CLINTON COUNTY — Having outdoor recreational opportunities at an appealing state park can be an economic driver.
That was the theme as Ohio Department of Natural Resources (ODNR) Director Jim Zehringer was recently joined at Cowan Lake State Park by Ohio House Speaker Cliff Rosenberger (R-Clarksville) to speak about improvements to several cabins and to the campgrounds.
Four cabins were refurbished with modern kitchens, living rooms and bathrooms, said Zehringer.
In addition, electric lines at the campgrounds were upgraded to accommodate higher amp service that’s needed by newer camper vehicles, he said. Also, playground equipment was added.
“Upgrading our electrical, upgrading our wastewater treatment, upgrading our campsites, our cabins — these were all things that you the users of our parks told us [to do],” Zehringer said to an audience of about 30 people.
Not only have the electrical requirements of camper vehicles changed over time, but infrastructure improvements are needed because “our state parks are getting old,” said the ODNR director.

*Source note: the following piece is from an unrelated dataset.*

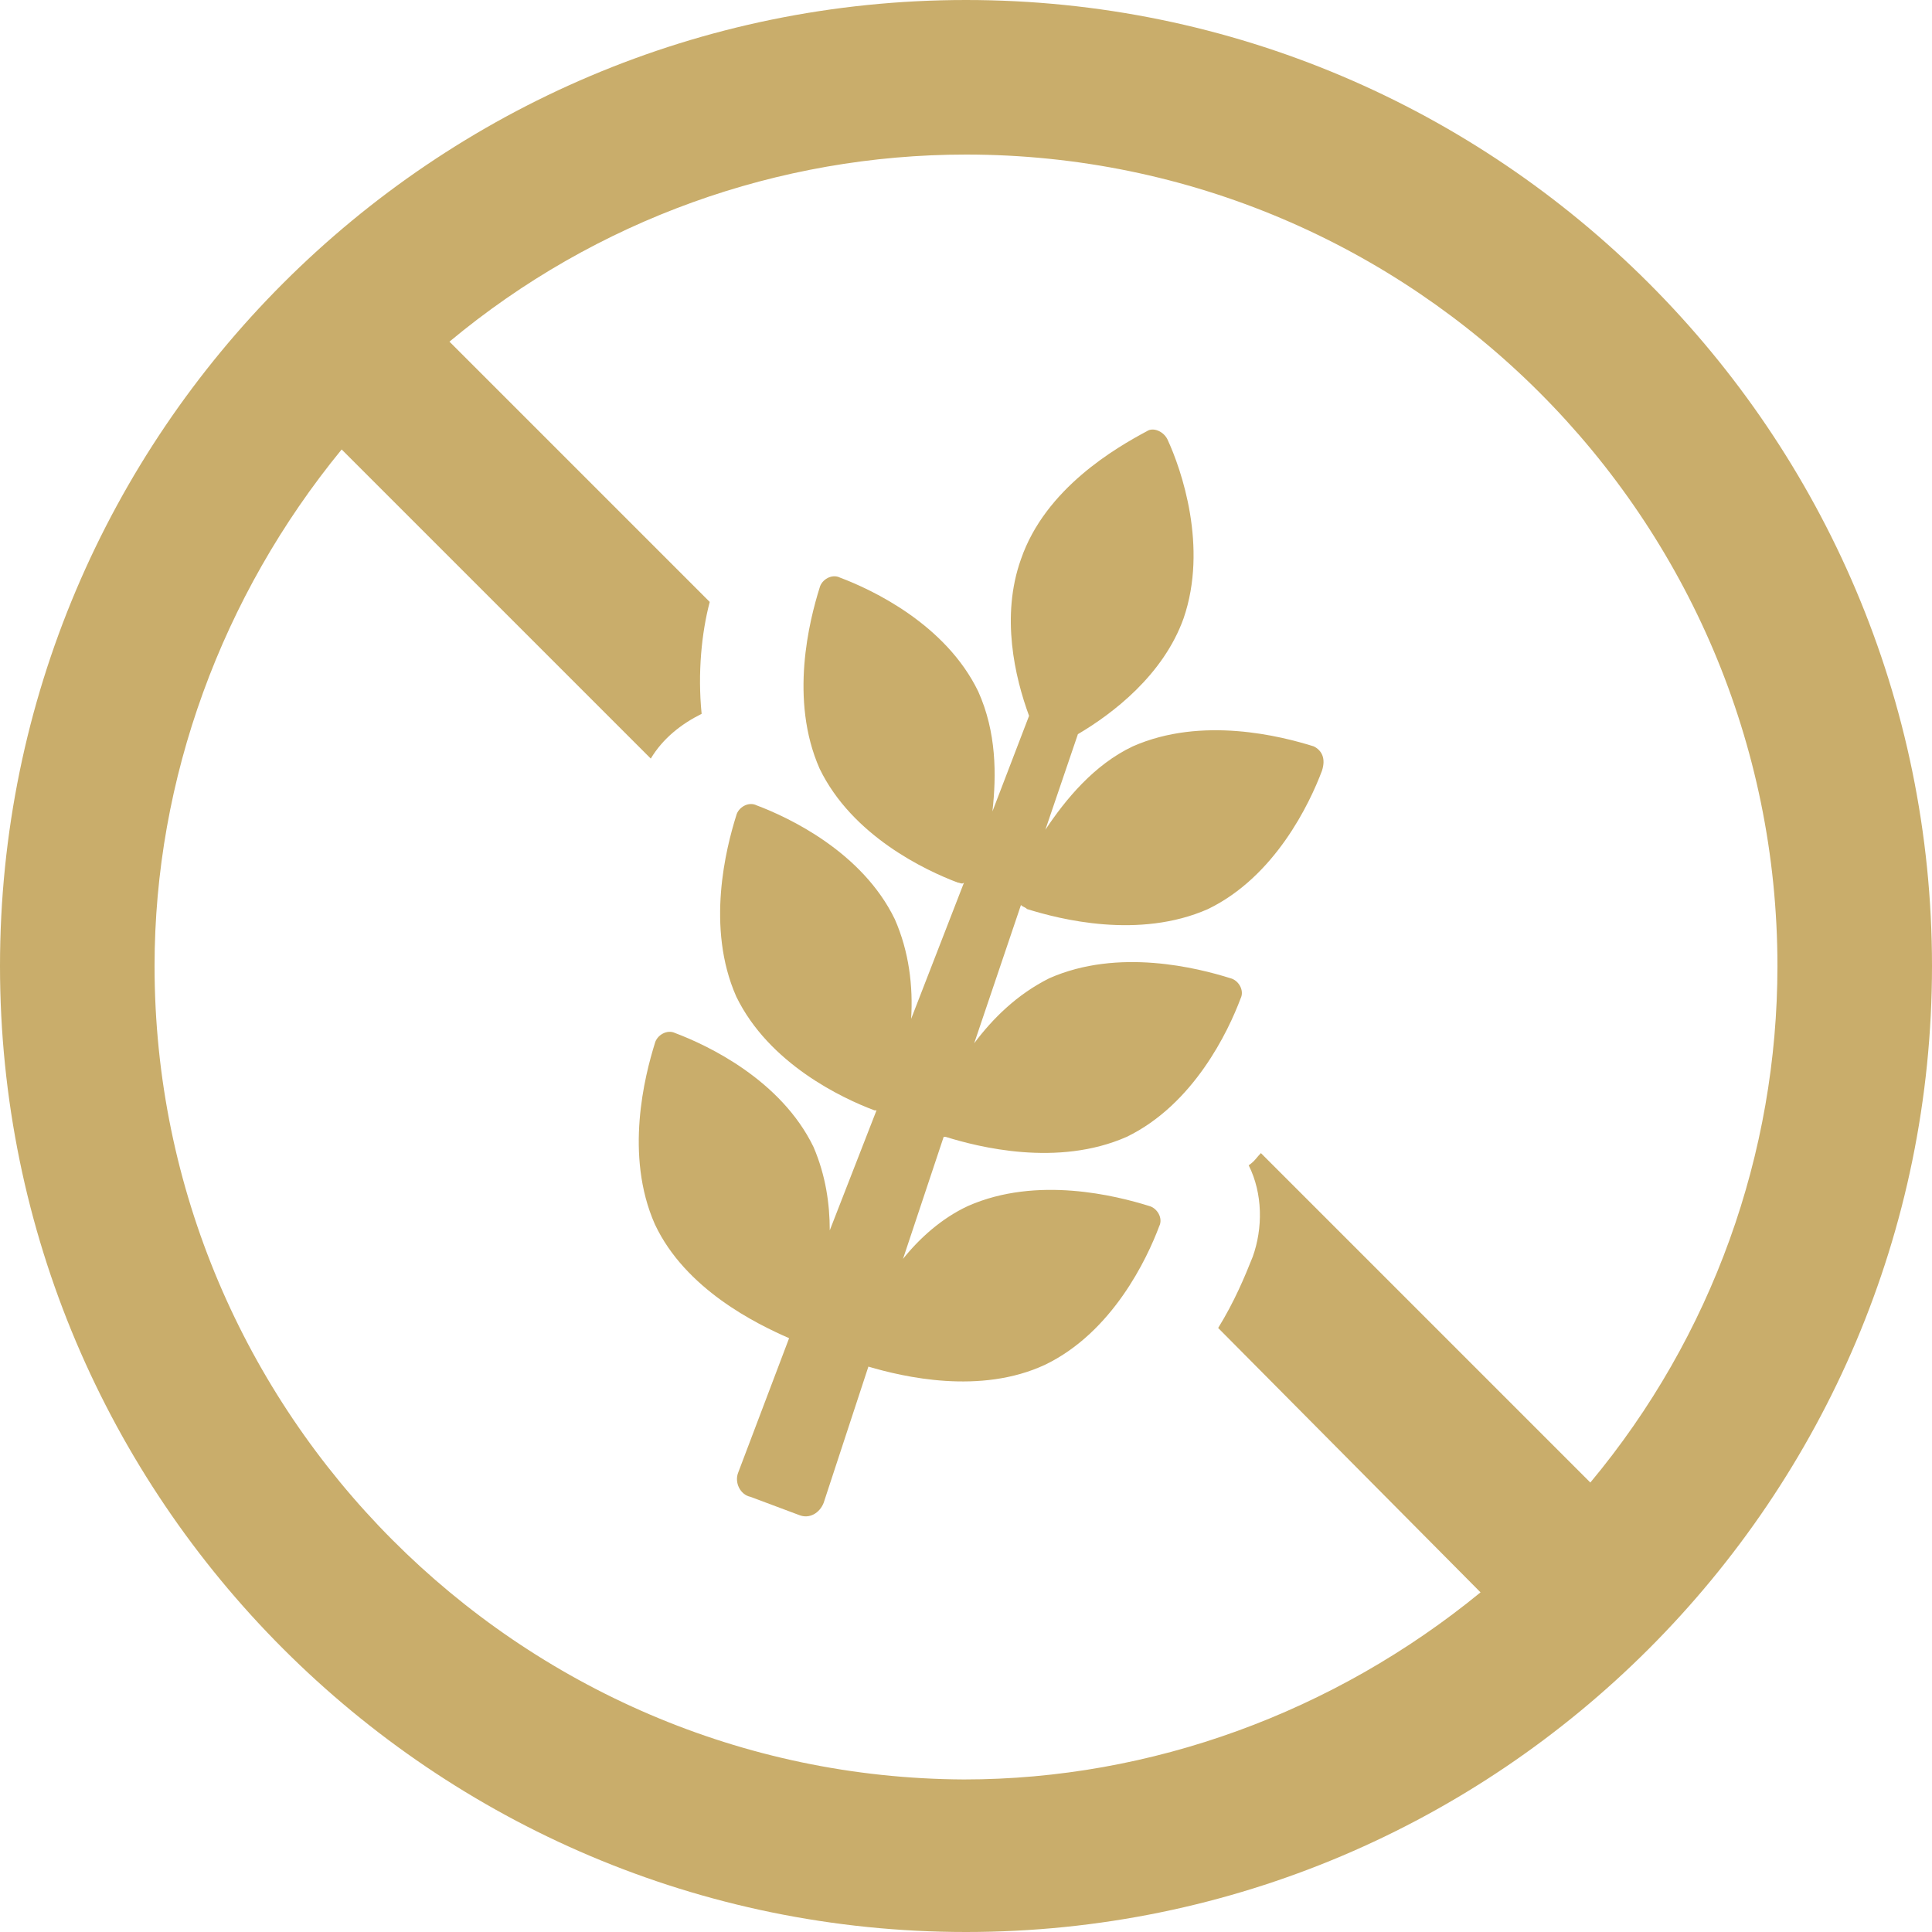 <svg width="25" height="25" viewBox="0 0 25 25" fill="none" xmlns="http://www.w3.org/2000/svg">
<path d="M12.5 0C5.605 0 0 5.605 0 12.5C0 19.395 5.605 25 12.5 25C19.395 25 25 19.395 25 12.5C25 5.605 19.395 0 12.5 0ZM20.579 19.184L16.316 14.921C16.263 14.974 16.237 15.026 16.158 15.079C16.342 15.447 16.342 15.895 16.21 16.263C16.105 16.526 15.974 16.842 15.763 17.184L19.158 20.605C17.263 22.158 14.895 23.026 12.474 23.026C6.711 23 2 18.29 2 12.5C2 10.079 2.868 7.711 4.421 5.816L8.421 9.816C8.579 9.553 8.816 9.368 9.079 9.237C9.026 8.711 9.079 8.184 9.184 7.789L5.816 4.421C7.711 2.842 10.079 2 12.5 2C18.29 2 23 6.711 23 12.5C23 14.921 22.158 17.29 20.579 19.184Z" fill="#C9AD6B"/>
<path d="M17 9.658C16.579 9.526 15.553 9.263 14.658 9.658C14.158 9.895 13.79 10.342 13.527 10.737L13.948 9.5C14.395 9.237 15.053 8.737 15.316 8C15.632 7.079 15.29 6.079 15.106 5.684C15.053 5.579 14.921 5.526 14.842 5.579C14.448 5.79 13.527 6.316 13.211 7.237C12.948 7.974 13.132 8.763 13.316 9.263L12.842 10.5C12.895 10.026 12.895 9.474 12.658 8.947C12.237 8.079 11.29 7.632 10.869 7.474C10.764 7.421 10.632 7.5 10.606 7.605C10.474 8.026 10.211 9.053 10.606 9.947C11.027 10.816 11.974 11.263 12.395 11.421C12.421 11.421 12.448 11.447 12.474 11.421L11.79 13.184C11.816 12.763 11.764 12.316 11.579 11.895C11.158 11.026 10.211 10.579 9.79 10.421C9.685 10.368 9.553 10.447 9.527 10.553C9.395 10.974 9.132 12 9.527 12.895C9.948 13.763 10.895 14.211 11.316 14.368C11.316 14.368 11.316 14.368 11.342 14.368L10.737 15.921C10.737 15.579 10.685 15.211 10.527 14.842C10.106 13.974 9.158 13.526 8.737 13.368C8.632 13.316 8.5 13.395 8.474 13.5C8.343 13.921 8.079 14.947 8.474 15.842C8.869 16.684 9.79 17.132 10.211 17.316L9.553 19.053C9.5 19.184 9.579 19.342 9.711 19.369L10.342 19.605C10.474 19.658 10.606 19.579 10.658 19.447L11.237 17.684C11.685 17.816 12.685 18.053 13.527 17.658C14.395 17.237 14.842 16.29 15 15.868C15.053 15.763 14.974 15.632 14.869 15.605C14.448 15.474 13.421 15.211 12.527 15.605C12.185 15.763 11.895 16.026 11.685 16.29L12.211 14.711C12.211 14.711 12.211 14.711 12.237 14.711C12.658 14.842 13.685 15.105 14.579 14.711C15.448 14.29 15.895 13.342 16.053 12.921C16.106 12.816 16.027 12.684 15.921 12.658C15.5 12.526 14.474 12.263 13.579 12.658C13.158 12.868 12.842 13.184 12.606 13.5L13.211 11.711C13.237 11.737 13.264 11.737 13.29 11.763C13.711 11.895 14.737 12.158 15.632 11.763C16.5 11.342 16.948 10.395 17.106 9.974C17.158 9.816 17.106 9.711 17 9.658Z" fill="#C9AD6B"/>
</svg>

Cowan Lake was dedicated as a state park in 1968 (a dam was completed across Cowan Creek in 1950). Mature woodlands complement the natural features of the 1,075-acre park.
Rosenberger, who grew up just a few miles from the lake, spoke of the “importance of natural resources in the state.”
“This is one of Clinton County’s and southern Ohio’s biggest economic development resources because quality of life is one of the most important things to attracting any business,” Rosenberger said.
The Ohio Travel Association’s executive director, Melinda Huntley, also spoke at the unveiling of the park’s improvements.
She said there is increased interest in outdoor recreation such as fishing, boating, birding, hiking and agri-tourism.
Huntley also said Clinton County, as a destination point for travelers, benefits from its proximity to large population centers, a reference to Cincinnati, Dayton and Columbus.
She said the Clinton County Convention & Visitors Bureau is “a really effective visitors bureau” that is known statewide for understanding how to bring in people who enjoy outdoor recreation.
The improvements made to the cabins are “an economic driver,” Huntley said. According to her, that’s because most people who enjoy outdoor recreation prefer to have comfortable lodging at night that includes a shower, air conditioning and a nice bed rather than to “rough it.”